Towering waves were forming Thursday on the Great Lakes, with swells that could reach 20 feet, CNN meteorologists said.

Huge waves have been spotted over southern Lake Michigan, following a mass of cold air that pushed a north wind over the region, CNN meteorologist Michael Guy said.

Lake Ontario could get waves of up to 20 feet near its center, Guy said. Waves as tall as 10 feet could form on Lakes Huron and Erie, peaking on their southern shores.

About 1.5 million people south of Lakes Michigan, Erie and Ontario are under lakeshore flood warnings, CNN meteorologist Dave Hennen said.

Strong winds fueling the waves are associated with a winter storm that’s due to dump heavy snow and rain over the Great Lakes, New England and into Canada, he said.

Blizzard warnings are posted in New York

Wind gusts could approach hurricane force along the Maine coast, while wind advisories stretch from Vermont to South Carolina, and scattered power outages are possible, Hennen said. Wind advisories cover nearly 53 million people from New England to the Carolinas.

Meantime, blizzard warnings are posted in New York, just south of Buffalo and north of Syracuse, where 2 to 3 feet of snow combined with 40- to 50-mph winds will make for whiteout conditions.

Travel will be nearly impossible, he said.

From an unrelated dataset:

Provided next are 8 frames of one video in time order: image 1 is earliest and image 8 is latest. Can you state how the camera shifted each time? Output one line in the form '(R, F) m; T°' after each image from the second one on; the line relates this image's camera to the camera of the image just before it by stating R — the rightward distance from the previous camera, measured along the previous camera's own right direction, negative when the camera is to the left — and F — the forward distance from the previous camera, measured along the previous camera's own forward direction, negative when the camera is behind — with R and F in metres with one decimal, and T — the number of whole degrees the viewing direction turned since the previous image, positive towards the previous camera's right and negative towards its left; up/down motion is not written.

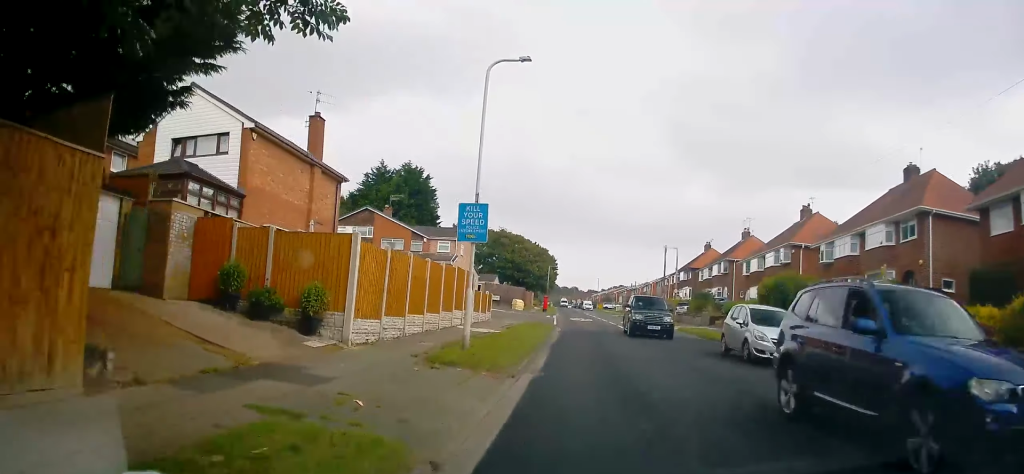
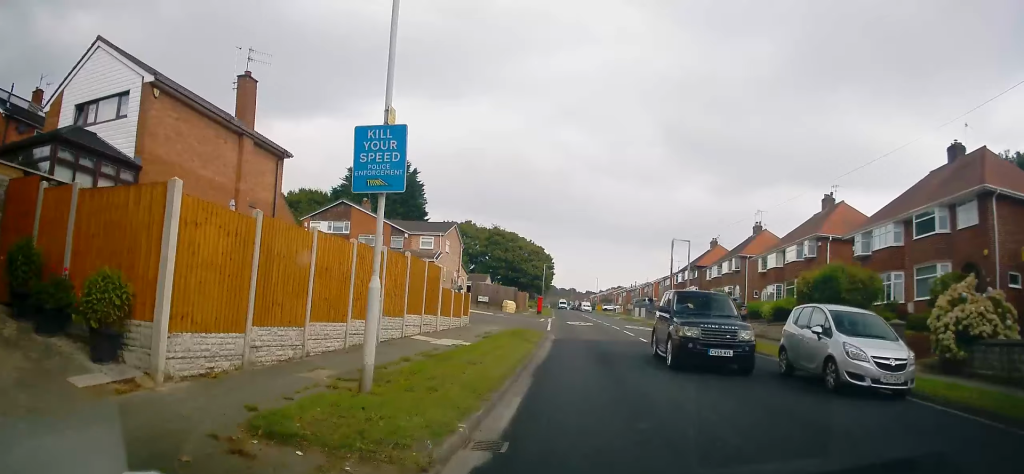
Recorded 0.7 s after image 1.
(0.0, +5.7) m; +1°
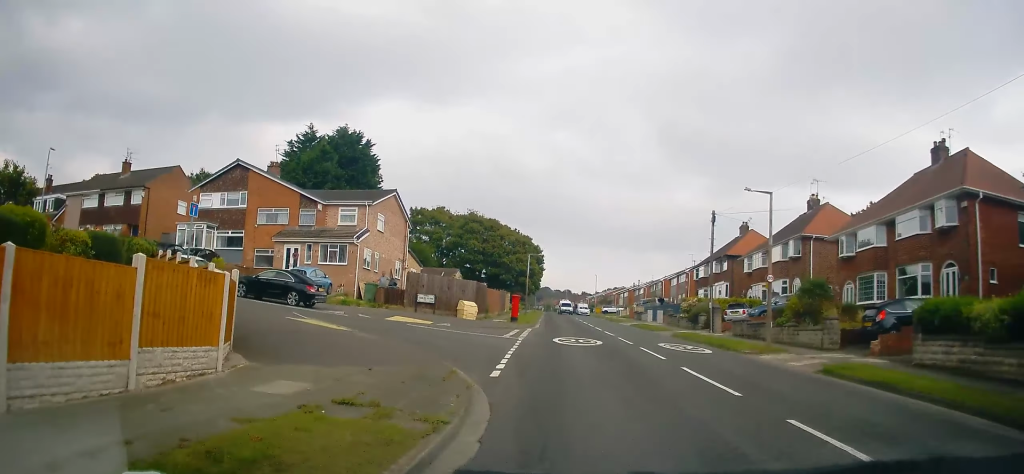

Increased snowfall this season in the region owes in part to low ice coverage on the Great Lakes, as moisture continues to feed precipitation, Guy said. The lakes this week are 9% covered in ice, compared with a typical 42% average coverage, he said.

A few key factors feed huge waves on the Great Lakes: wind speed and direction, wave direction and fetch, the distance over water that the wind blows in a single direction. No one factor can create waves as high as those predicted without the others, according to the National Oceanic and Atmospheric Administration.